=== Task description ===
Leave the pictures aside and copy all the data exactly.
_ _ _ _
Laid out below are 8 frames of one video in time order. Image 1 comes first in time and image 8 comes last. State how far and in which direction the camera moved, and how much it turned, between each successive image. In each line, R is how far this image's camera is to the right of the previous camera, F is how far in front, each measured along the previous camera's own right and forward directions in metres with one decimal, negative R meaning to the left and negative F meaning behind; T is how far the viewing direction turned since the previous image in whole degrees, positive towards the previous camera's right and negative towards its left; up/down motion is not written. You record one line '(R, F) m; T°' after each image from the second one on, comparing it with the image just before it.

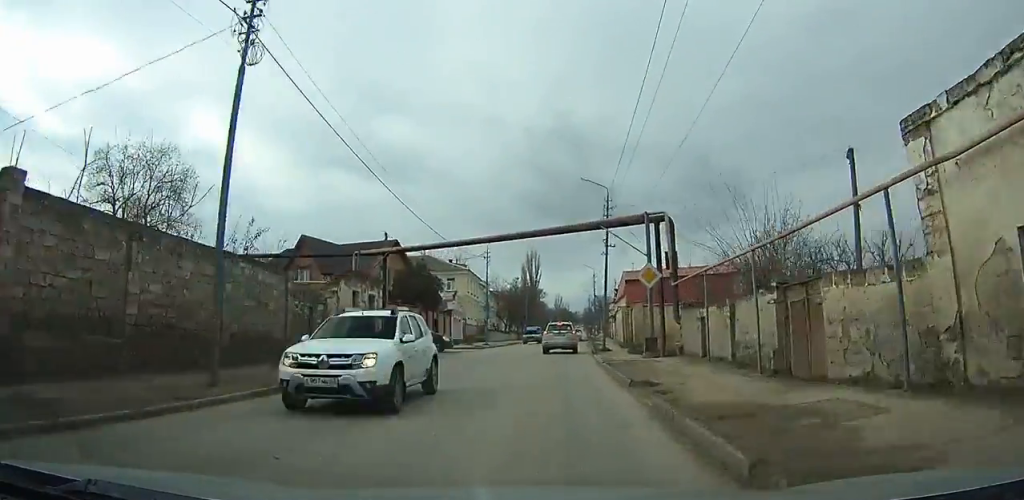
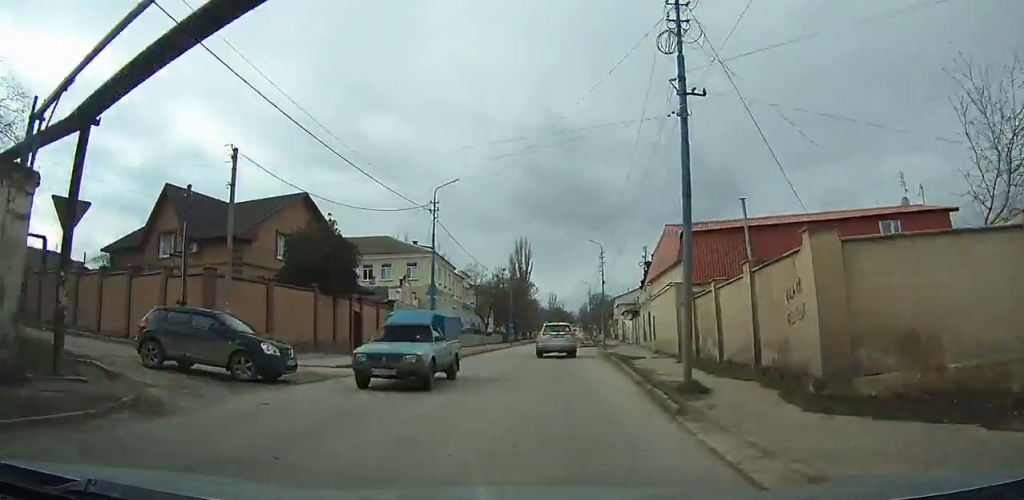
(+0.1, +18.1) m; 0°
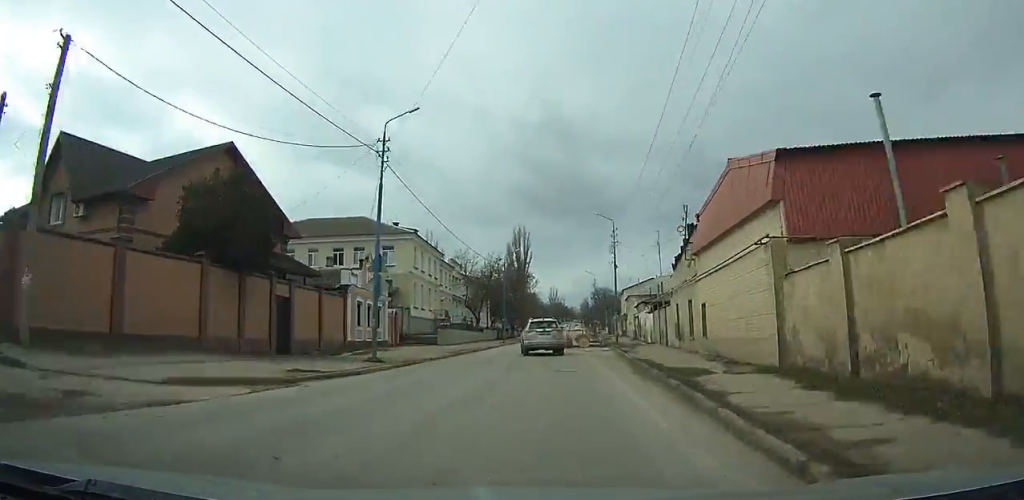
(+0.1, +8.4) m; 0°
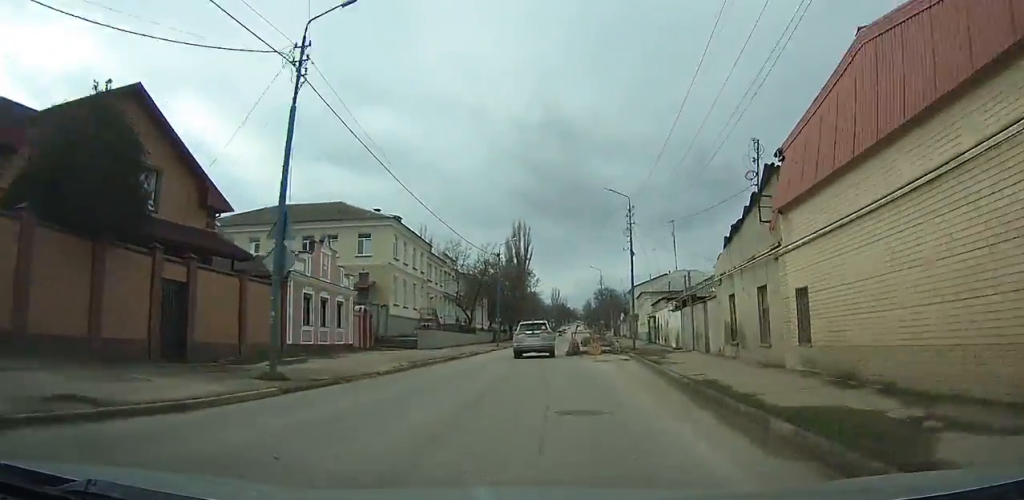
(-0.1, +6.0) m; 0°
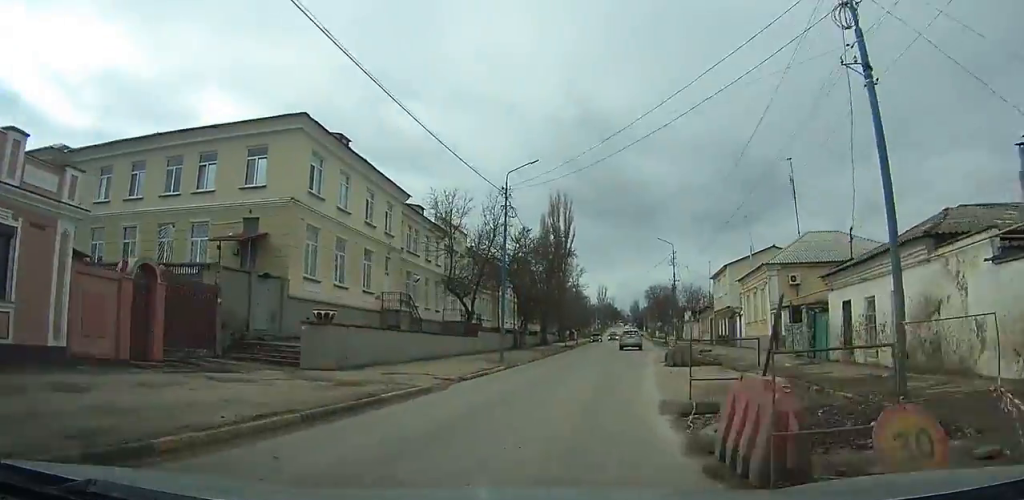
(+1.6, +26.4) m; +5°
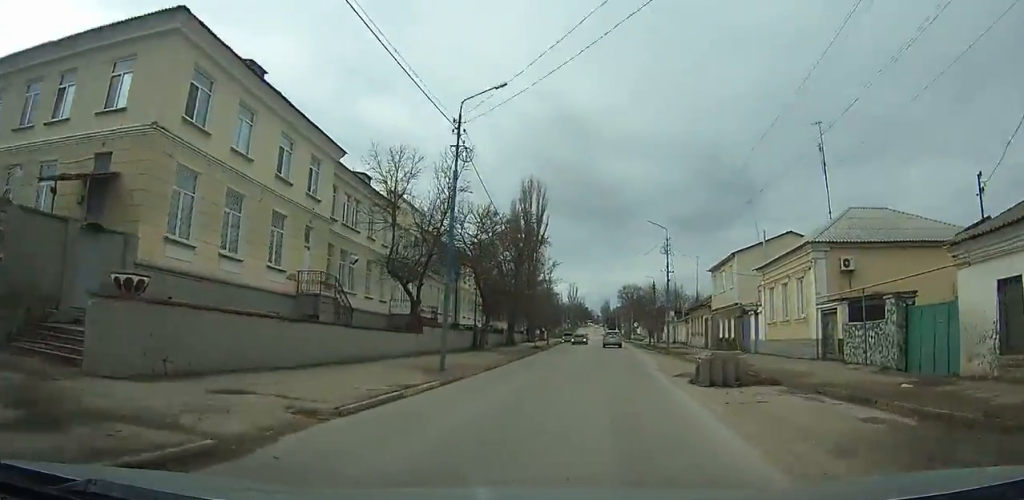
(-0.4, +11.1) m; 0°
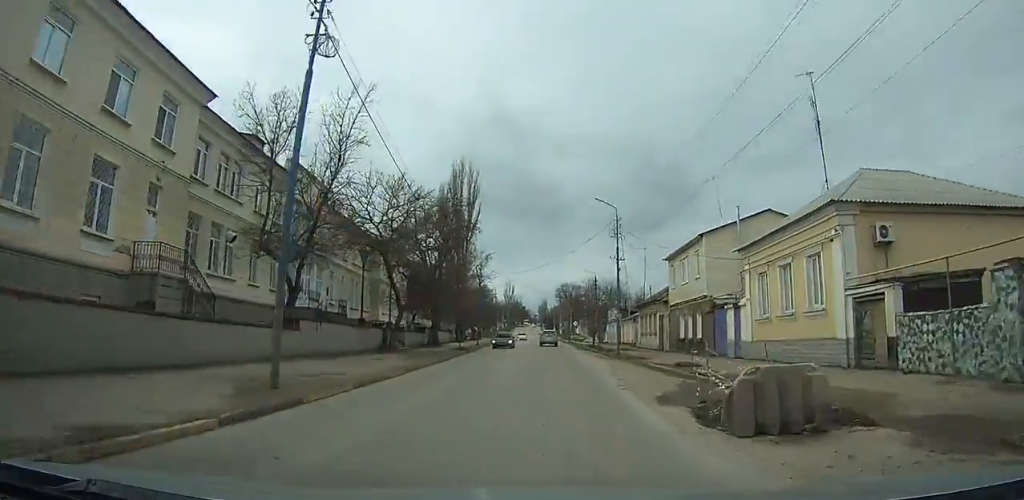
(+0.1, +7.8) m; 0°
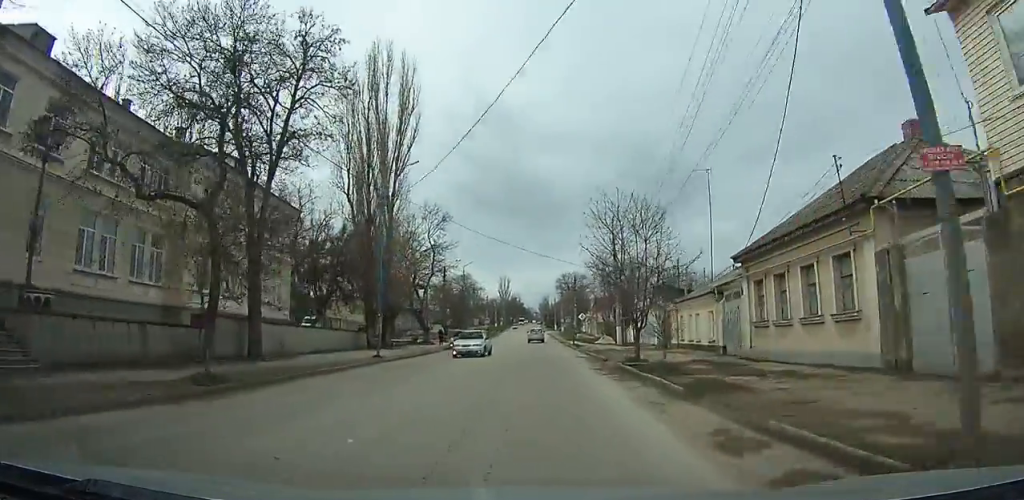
_ _ _ _
=== Written reply ===
Laid out below are 8 frames of one video in time order. Image 1 comes first in time and image 8 comes last. State how far and in which direction the camera moved, and how much it turned, between each successive image. In each line, R is how far this image's camera is to the right of the previous camera, F is how far in front, each measured along the previous camera's own right and forward directions in metres with one decimal, negative R meaning to the left and negative F meaning behind; T is how far the viewing direction turned since the previous image in whole degrees, positive towards the previous camera's right and negative towards its left; up/down motion is not written. You record one line '(R, F) m; T°' after each image from the second one on, comparing it with the image just before it.

(+0.1, +18.1) m; 0°
(+0.1, +8.4) m; 0°
(-0.1, +6.0) m; 0°
(+1.6, +26.4) m; +5°
(-0.4, +11.1) m; 0°
(+0.1, +7.8) m; 0°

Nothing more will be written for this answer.